In un tempo in cui il corpo femminile è spesso raccontato dagli altri — giudicato, corretto, mostrato, nascosto — la danza orientale offre uno spazio sacro: un ritorno.
Un modo per ascoltare, accogliere ed esprimere la propria femminilità in modo autentico, senza bisogno di adattarsi a modelli esterni.
La danza orientale non modella: rivela
La danza orientale non chiede di essere qualcun’altra.
Non impone linee rigide o pose prestabilite.
Ti invita a sentire. A fluire. A occupare lo spazio con il tuo corpo reale, quello di oggi, non quello immaginato o confrontato.
Ogni gesto nasce dall’interno: dal ventre, dal respiro, dal cuore.
È un movimento che si offre, non che si impone.
E in questo gesto morbido, circolare, personale… la femminilità si riappropria del suo significato: non oggetto da guardare, ma presenza da vivere.
Femminilità: una parola da riscrivere
Molte donne arrivano alla danza orientale pensando di “non essere adatte”: troppo rigide, troppo in carne, troppo timide, troppo “non abbastanza”.
E poi qualcosa accade.
- Il corpo si scioglie.
- La voce interiore si fa più gentile.
- I movimenti diventano carezze verso sé stesse.
- Lo sguardo cambia: si specchia dentro, non fuori.
La danza orientale insegna che la femminilità non è qualcosa da dimostrare, ma da ascoltare. Non è una forma, è una vibrazione.

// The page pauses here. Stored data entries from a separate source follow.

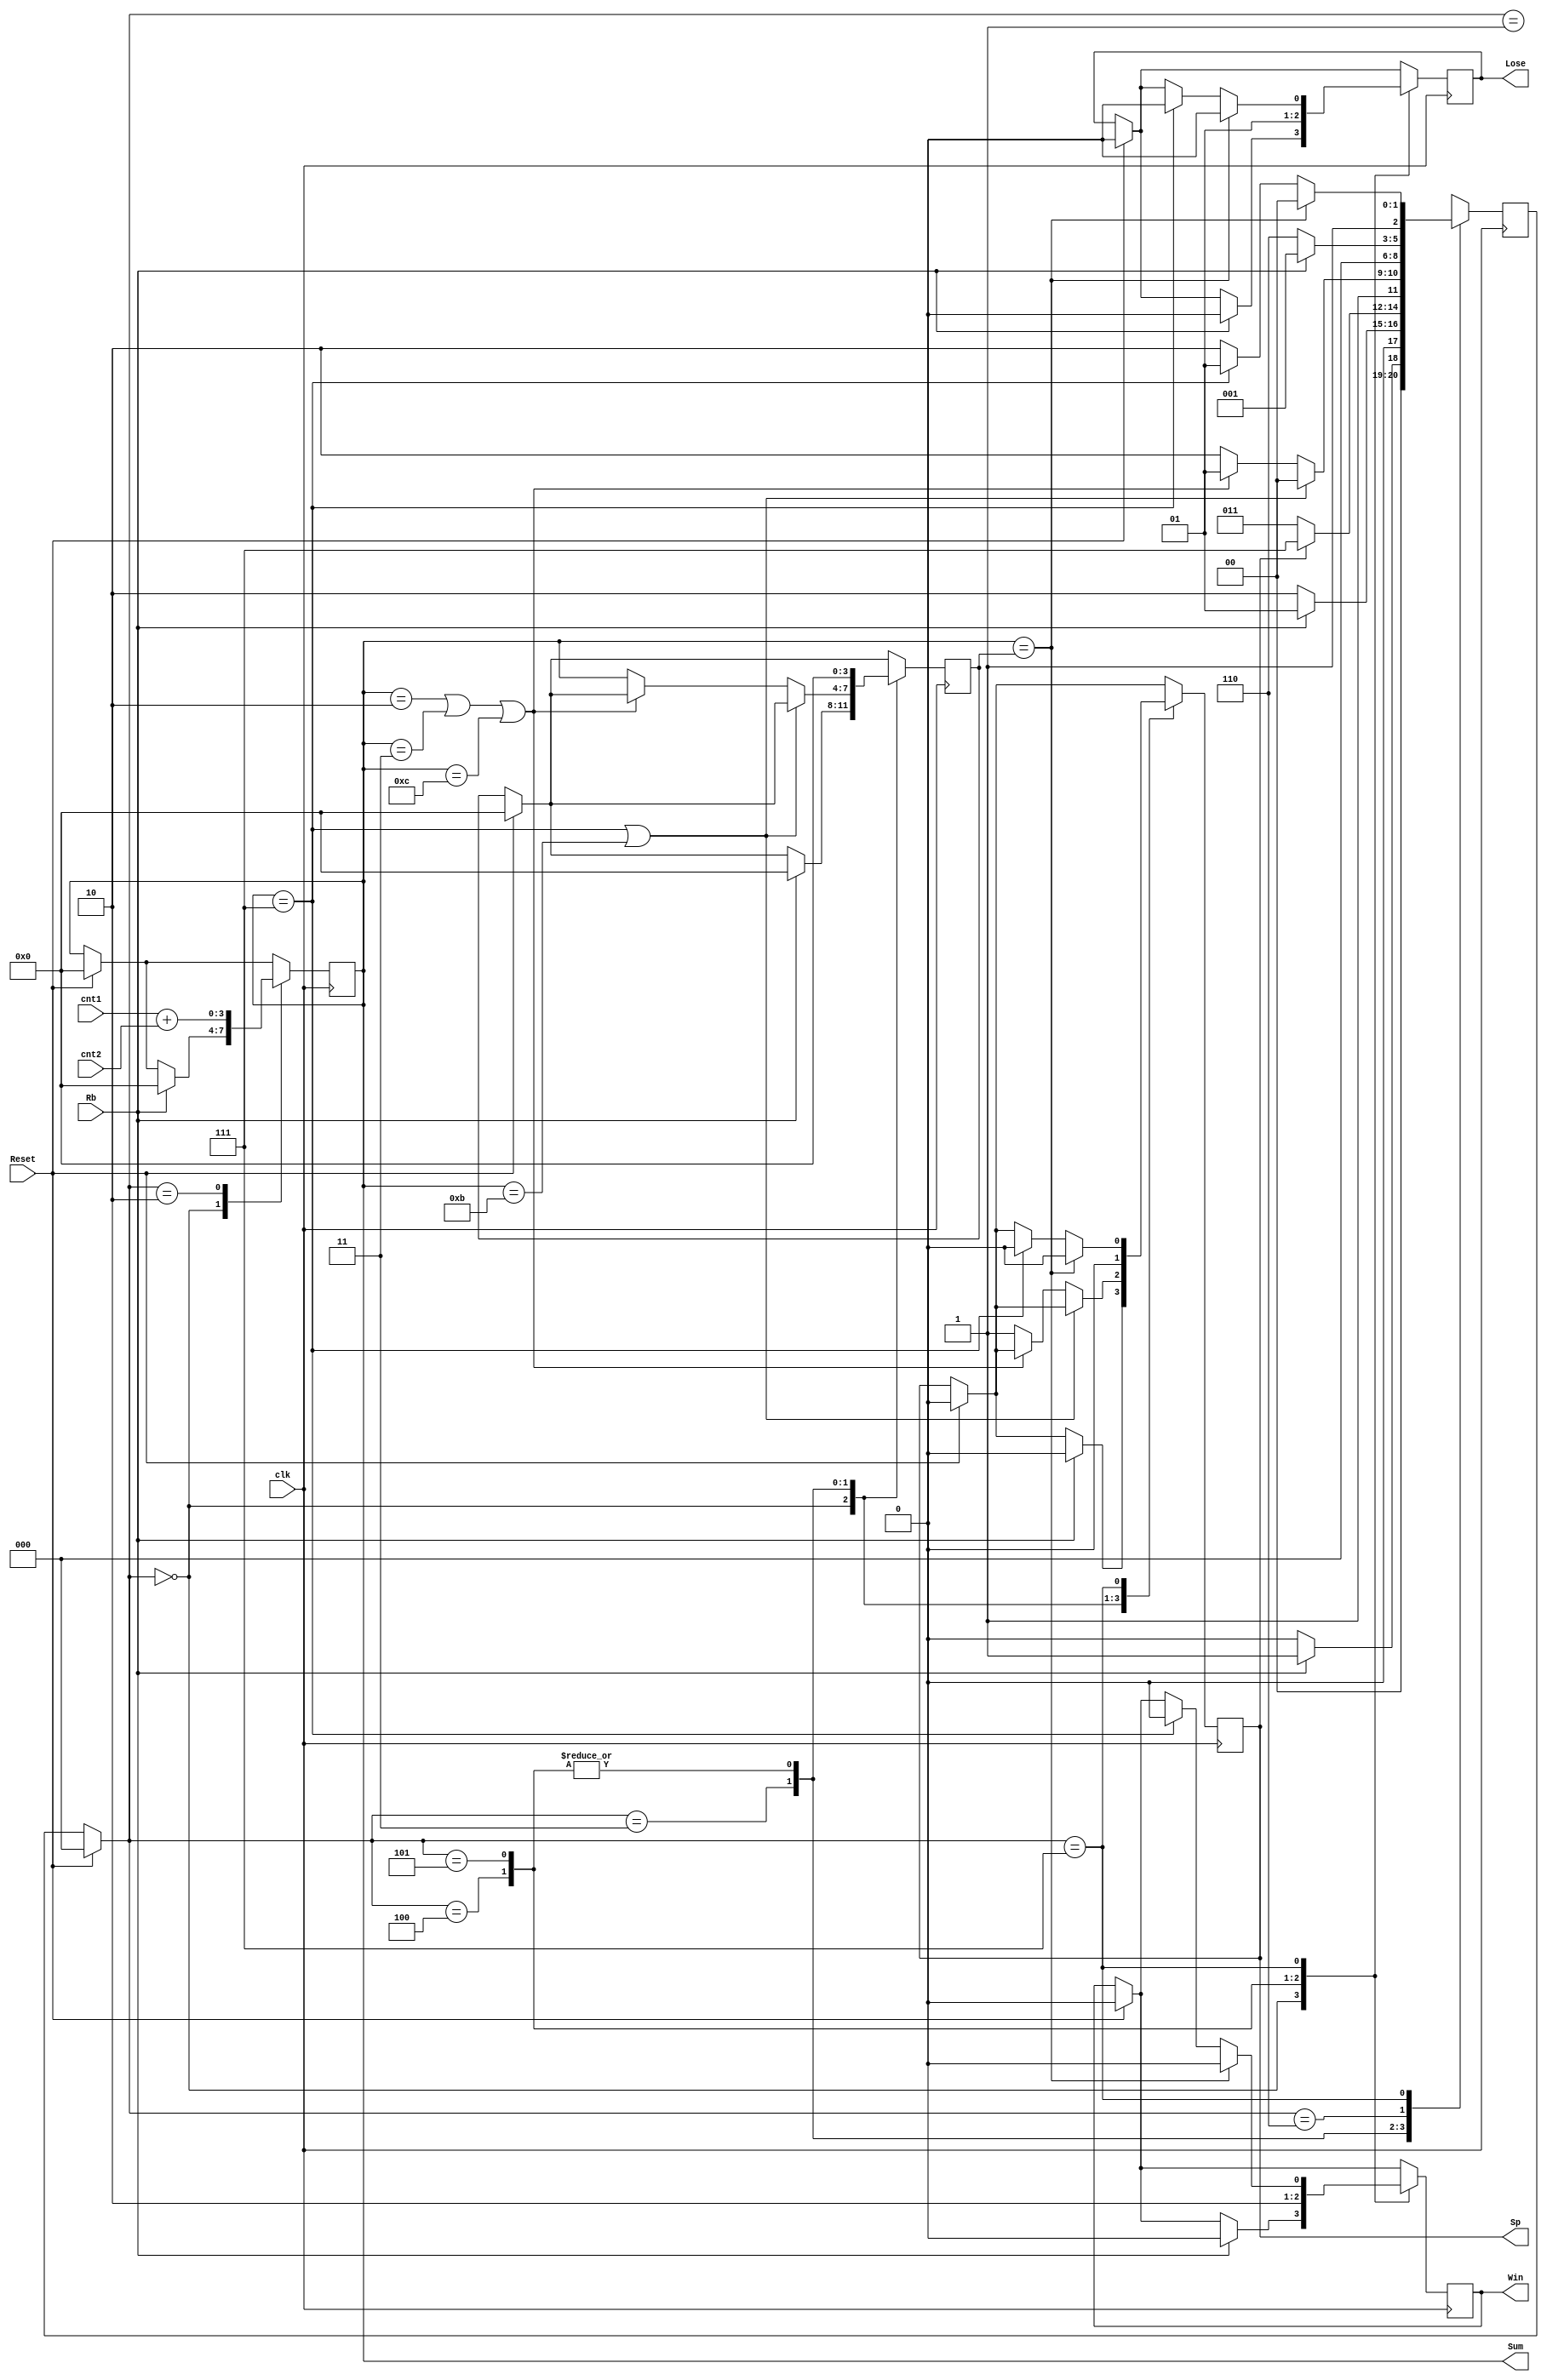
`timescale 1ns / 1ps
//////////////////////////////////////////////////////////////////////////////////
// Company: 
// Engineer: 
// 
// Design Name: 
// Module Name: DiceGame
// Project Name: 
// Target Devices: 
// Tool Versions: 
// Description: 
// 
// Dependencies: 
// 
// Revision:
// Revision 0.01 - File Created
// Additional Comments:
// 
//////////////////////////////////////////////////////////////////////////////////


module DiceGame (
    input Rb, Reset, clk,
    input [3:0] cnt1,
    input [3:0] cnt2,
    output reg Win, 
    output reg Lose,
    output reg Sp,
    output reg [3:0] Sum
    );
    
    reg[2:0] State = 0;
    reg[2:0] Nextstate = 0;
    reg[3:0] Point = 0;
        
    always @(posedge clk)
    begin
        if(Reset == 1) begin
            Point <= 0; Sum <= 0;
            Win <= 0; Lose <= 0; Sp <= 0;
            Nextstate <= 3'd0;
        end
        
        case (State)
        0: begin
            if (Rb == 1'b1) begin
                Point <= 0; Sum <= 0;
                Win <= 0; Lose <= 0; Sp <= 0;
                Nextstate <= 3'd1;
            end
            else begin
                Nextstate <= 3'd0;
            end
        end
        1: begin
            if (Rb == 1'b1) begin
                Nextstate <= 3'd1;
            end
            else begin
                Nextstate <= 3'd2;
            end
        end
        2: begin
            Sum <= cnt1 + cnt2;
            if(Sp == 1) begin
                Nextstate <= 3'd7;
            end
            else begin
                Nextstate <= 3'd3;
            end
        end
        3: begin
            if (Sum == 4'd7 || Sum == 4'd11) begin
                Nextstate <= 3'd4;
            end
            else if (Sum == 4'd2 || Sum == 4'd3 || Sum == 4'd12) begin
                Nextstate <= 3'd5;
            end
            else begin
                Point <= Sum;
                Sp <= 1;
                Nextstate <= 3'd6;
            end
        end
        4: begin
            Point <= 0;
            Win <= 1; Lose <= 0; Sp <= 0;
            Nextstate <= 3'd0;
        end
        5: begin
            Point <= 0;
            Win <= 0; Lose <= 1; Sp <= 0;
            Nextstate <= 3'd0;
        end
        6: begin
            if(Rb == 0) begin
                Nextstate <= 3'd6;
            end
            else begin
                Nextstate <= 3'd1;
            end
        end
        7: begin
            if (Sum == Point) begin
                Win <= 0; Lose <= 0; Sp <= 0;
                Nextstate <= 3'd4;
            end
            else if (Sum == 4'd7) begin
                Win <= 0; Lose <= 0; Sp <= 0;
                Nextstate <= 3'd5;
            end
            else begin
                Nextstate <= 3'd6;
            end
        end
        default: begin
            Win <= 0; Lose <= 0; Sp <= 0;
            Nextstate <= 3'd0;
        end
        endcase
    end
        
    always @(*)
    begin
        if (Reset == 1'b1)
            State = 0;
        else 
            State = Nextstate;
    end
endmodule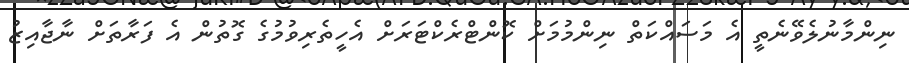
ނިންމާނުލެވޭނެތީ އެ މަސައްކަތް ނިންމުމަށް ކޮންޓްރެކްޓަރަށް އެހީތެރިވުމުގެ ގޮތުން އެ ފަރާތަށް ނާޖާއިޒު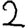
Digit: 2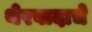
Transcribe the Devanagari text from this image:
थेरवादाचे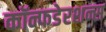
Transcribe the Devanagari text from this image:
कॉन्फडेरशन्स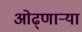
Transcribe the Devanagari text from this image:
ओढ्णार्‍या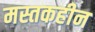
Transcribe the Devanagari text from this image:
मस्तकहीन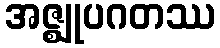
အဇ္ဈုပဂတဿ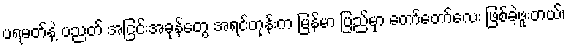
ပရမတ်နဲ့ ပညတ် အငြင်းအခုန်တွေ အရင်တုန်းက မြန်မာ ပြည်မှာ တော်တော်လေး ဖြစ်ခဲ့ဖူးတယ်၊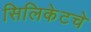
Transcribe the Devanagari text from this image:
सिलिकेटचे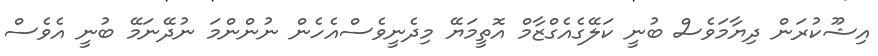
އިޝޫކުރަން ދިޔާމަވެސް ބުނީ ކަލޭގެއެގްޒާމް އޮތީމަޔޭ މިދެނީވެސްއެހެން ނުންންމަ ނުދޭނަމޭ ބުނީ އެވެސް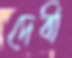
দেবী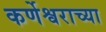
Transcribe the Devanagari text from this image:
कर्णेश्वराच्या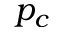
p _ { c }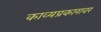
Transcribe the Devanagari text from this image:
काव्यप्रकारावर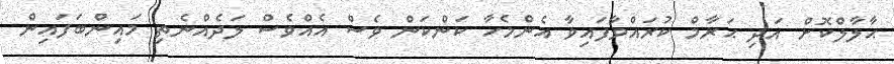
ޙާލާލްކޮށް އަދި ޙަރާމް ކުރައްވާފައިވާ އެންމެހާ ކަންކަން ވެސް އެއްވެސް ލަދެއްނެތި މައިންބަފައިން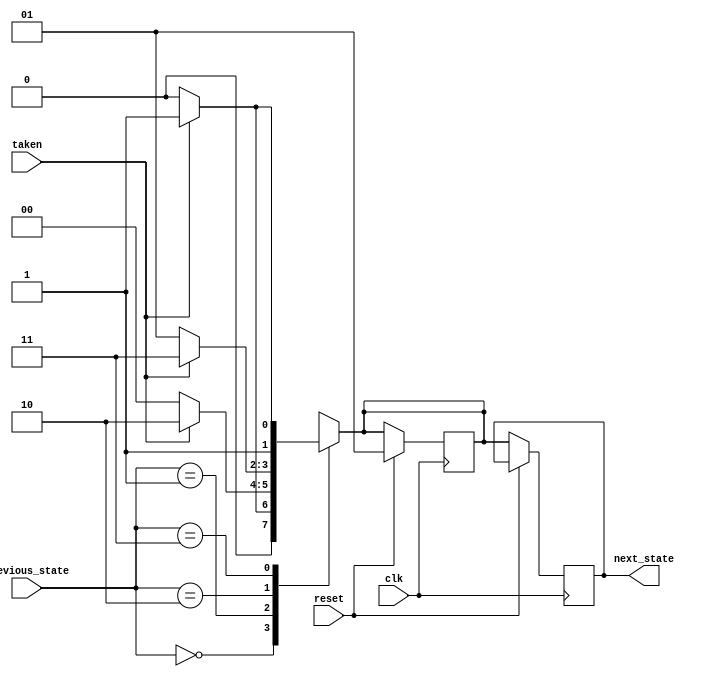
`timescale 1ns/1ns

module fsm_logic#( parameter SNT = 0,
		   parameter WNT = 1,
		   parameter WT = 2,
		   parameter ST = 3
		   )(
		     input 	      clk,
		     input 	      reset,
		     input [1:0]      previous_state,
		     input 	      taken,
		     output reg [1:0] next_state
		     );

   reg [1:0] 			      state;
   
   
    always @(posedge clk)    
      begin
	 if (reset)
	   state <= WNT;
	 else
	   next_state <= state;
     end
    
   

   always @(*) begin
     state = previous_state; // Default next state
      case (state)
      SNT: begin
	  state = taken ? WNT : SNT;
       end
       WNT: begin
	  state = taken ? WT : SNT;
       end
       WT: begin
	 state = taken ? ST : WNT;
       end
       ST: begin
	  state = taken ? ST : WT;
       end
      endcase
   end 

   endmodule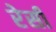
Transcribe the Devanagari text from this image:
रेसी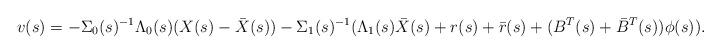
LaTeX: \begin{align*} v(s) = -\Sigma_0(s)^{-1}\Lambda_0(s)(X(s)-\bar X(s))-\Sigma_1(s)^{-1}(\Lambda_1(s)\bar X(s) + r(s) + \bar r(s) + (B^T(s)+\bar{B}^T(s))\phi(s)).\end{align*}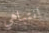
انتباهي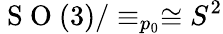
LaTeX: \mathrm{~S~O~}(3)/\equiv_{p_{0}}\cong S^{2}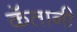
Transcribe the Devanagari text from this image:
कॅतानी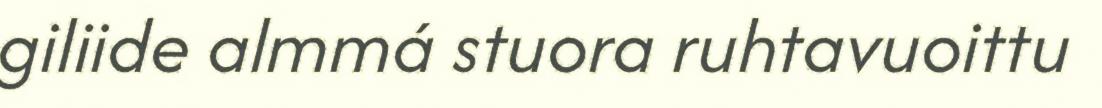
giliide almmá stuora ruhtavuoittu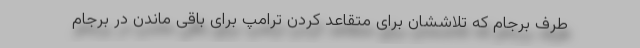
طرف برجام که تلاششان برای متقاعد کردن ترامپ برای باقی ماندن در برجام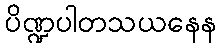
ပိဏ္ဍပါတသယနေန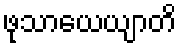
ဖုသာယေယျာတိ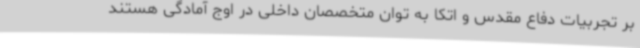
بر تجربیات دفاع مقدس و اتکا به توان متخصصان داخلی در اوج آمادگی هستند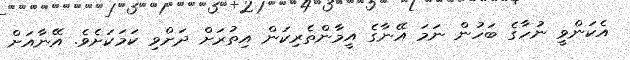
އެކަންވީ ނުހާގެ ބަހުން ނަމަ އޭނާގެ އީމާންތެރިކަން އިތުރަށް ދަށްވި ކަމަކަށެވެ. އޭނާއަށް

I tre gesti della riconnessione
Ecco tre simboli del movimento che aiutano a riscoprirsi come donne, dentro la danza orientale:
1. Ascoltare
Portare l’attenzione al respiro, al ventre, al bacino.
Muoversi lentamente per sentire cosa succede dentro, prima ancora che fuori.
2. Accogliere
Lasciare andare l’idea di “dover danzare bene”.
Accogliere ogni movimento come valido, ogni esitazione come parte del processo.
3. Esprimere
Aprire le mani, muovere il petto, danzare anche con lo sguardo.
Esprimere se stesse non per farsi vedere, ma per ritrovarsi.
Una breve pratica ispirata
Mettiti in piedi, scalza.
Chiudi gli occhi.
Porta le mani sul ventre. Respira.
Inizia un movimento circolare, piccolo, lento, che nasce dal bacino.
Lascia che le spalle si ammorbidiscano. Le mani si aprano.
Non devi piacere a nessuno. Solo sentirti.
La femminilità non è una performance.
È un gesto intimo che può essere riscoperto ogni giorno, a ogni età, in ogni fase della vita.
La danza orientale ci offre una strada fatta di movimenti antichi e attuali, profondi e semplici.
Una strada che porta verso casa: il nostro corpo, la nostra voce, il nostro sentire.
Riscoprirsi è danzare. Anche solo con un respiro.